Before we run the /implement command, first open a new chat window if you are using the same chat for running previous commands. This is because the context window may be full of previous messages and it may bloat the context for the coding agent. So it’s best to start fresh with a new chat window. If you open the .github/agents/speckit.implement.agent.md file, it also accepts user’s input as $ARGUMENTS. But in this case we don’t need to pass anything as arguments. It’s a prompt that instructs the model to read the tasks and execute each one.

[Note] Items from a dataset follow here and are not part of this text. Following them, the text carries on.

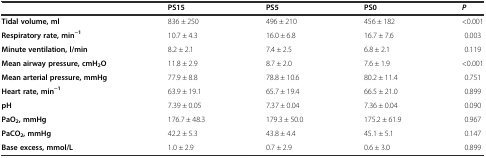
<table><thead><tr><td></td><td><b>PS15</b></td><td><b>PS5</b></td><td><b>PS0</b></td><td><b><i>P</i></b></td></tr></thead><tbody><tr><td><b>Tidal volume, ml</b></td><td>836 ± 250</td><td>496 ± 210</td><td>456 ± 182</td><td>&lt;0.001</td></tr><tr><td><b>Respiratory rate, min</b><sup><b>−1</b></sup></td><td>10.7 ± 4.3</td><td>16.0 ± 6.8</td><td>16.7 ± 7.6</td><td>0.003</td></tr><tr><td><b>Minute ventilation, l/min</b></td><td>8.2 ± 2.1</td><td>7.4 ± 2.5</td><td>6.8 ± 2.1</td><td>0.119</td></tr><tr><td><b>Mean airway pressure, cmH</b><sub><b>2</b></sub><b>O</b></td><td>11.8 ± 2.9</td><td>8.7 ± 2.0</td><td>7.6 ± 1.9</td><td>&lt;0.001</td></tr><tr><td><b>Mean arterial pressure, mmHg</b></td><td>77.9 ± 8.8</td><td>78.8 ± 10.6</td><td>80.2 ± 11.4</td><td>0.751</td></tr><tr><td><b>Heart rate, min</b><sup><b>−1</b></sup></td><td>63.9 ± 19.1</td><td>65.7 ± 19.4</td><td>66.5 ± 21.0</td><td>0.899</td></tr><tr><td><b>pH</b></td><td>7.39 ± 0.05</td><td>7.37 ± 0.04</td><td>7.36 ± 0.04</td><td>0.090</td></tr><tr><td><b>PaO</b><sub><b>2</b></sub><b>, mmHg</b></td><td>176.7 ± 48.3</td><td>179.3 ± 50.0</td><td>175.2 ± 61.9</td><td>0.967</td></tr><tr><td><b>PaCO</b><sub><b>2</b></sub><b>, mmHg</b></td><td>42.2 ± 5.3</td><td>43.8 ± 4.4</td><td>45.1 ± 5.1</td><td>0.147</td></tr><tr><td><b>Base excess, mmol/L</b></td><td>1.0 ± 2.9</td><td>0.7 ± 2.9</td><td>0.6 ± 3.0</td><td>0.899</td></tr></tbody></table>
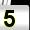
Digit: 5
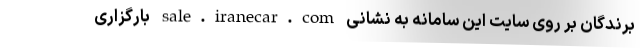
برندگان بر روی سایت این سامانه به نشانی sale.iranecar.com بارگزاری
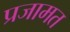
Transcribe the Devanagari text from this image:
प्रजामत
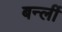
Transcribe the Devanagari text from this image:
बर्न्ली
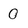
Character: 0
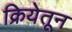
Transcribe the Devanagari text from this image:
क्रियेतून
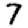
Digit: 7
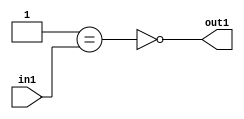
`timescale 1ps / 1ps
/*****************************************************************************
    Verilog RTL Description
    
    
    Created by: Stratus DpOpt 2019.1.01 
*******************************************************************************/

module st_weight_addr_gen_Nei1u16_4_12 (
	in1,
	out1
	); /* architecture "behavioural" */ 
input [15:0] in1;
output  out1;
wire  asc001,
	asc002;

assign asc002 = (21'B000000000000000000001==in1);

assign asc001 = 
	((~asc002));

assign out1 = asc001;
endmodule

/* CADENCE  ubP0SgE= : u9/ySgnWtBlWxVPRXgAZ4Og= ** DO NOT EDIT THIS LINE ******/
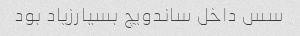
سس داخل ساندویچ بسیارزیاد بود
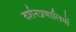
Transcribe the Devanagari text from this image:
दर्शनप्रणालियों
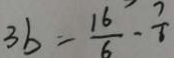
3 b = \frac { 1 6 } { 6 } - \frac { 7 } { 6 }
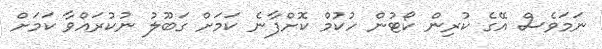
ނަމަވެސް އޭގެ ކުރިން ކޯޓުން ހުކުމް ކޮށްފާނެ ކަމަށް ގަބޫލު ނުކުރައްވާ ކަމަށް
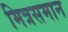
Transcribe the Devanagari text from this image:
मित्रसमान
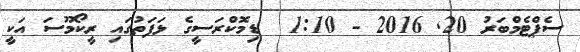
ސެޕްޓެމްބަރު 20
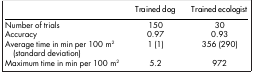
<table><thead><tr><td><b> </b></td><td><b>Trained dog</b></td><td><b>Trained ecologist</b></td></tr></thead><tbody><tr><td>Number of trials</td><td>150</td><td>30</td></tr><tr><td>Accuracy</td><td>0.97</td><td>0.93</td></tr><tr><td>Average time in min per 100 m<sup>2</sup> (standard deviation)</td><td>1 (1)</td><td>356 (290)</td></tr><tr><td>Maximum time in min per 100 m<sup>2</sup></td><td>5.2</td><td>972</td></tr></tbody></table>
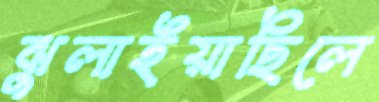
ঝুলাইয়াছিলে
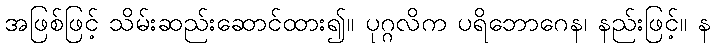
အဖြစ်ဖြင့် သိမ်းဆည်းဆောင်ထား၍။ ပုဂ္ဂလိက ပရိဘောဂေန၊ နည်းဖြင့်။ န
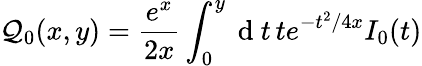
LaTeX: \mathcal{Q}_{0}(x,y)=\frac{{e^{x}}}{{2x}}\int_{0}^{y}\mathrm{{~d~}}t\, te^{-t^{2}/4x}I_{0}(t)
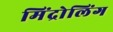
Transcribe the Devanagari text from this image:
मिंद्रोलिंग
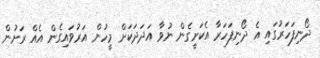
ދޯނިފަހަރުގައި އެ ދޯނިފަހަރާ އެކަށީގެން ނުވާ އަދަދަކަށް މީހުން އަރުވައިގެން އެއް ރަށުން
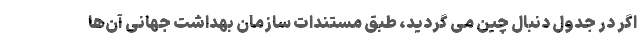
اگر در جدول دنبال چین می گردید، طبق مستندات سازمان بهداشت جهانی آن‌ها
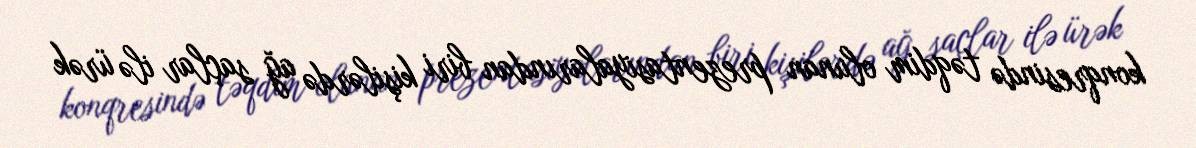
konqresində təqdim olunan prezentasiyalarından biri kişilərdə ağ saçlar ilə ürək
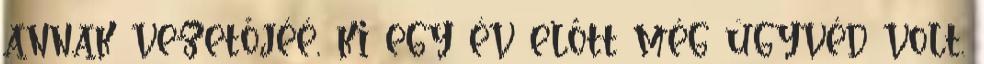
annak vezetőjéé, ki egy év előtt még ügyvéd volt.
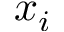
x _ { i }

After a few moments, you can see that the implementation is complete. The output shows a summary of the work done, including the number of files created, modified, and any issues encountered. You can now review the changes made to the codebase to ensure everything is as expected. You can also run the tests to verify that everything is working correctly. If there are any issues, you can ask the coding agent to help fix them.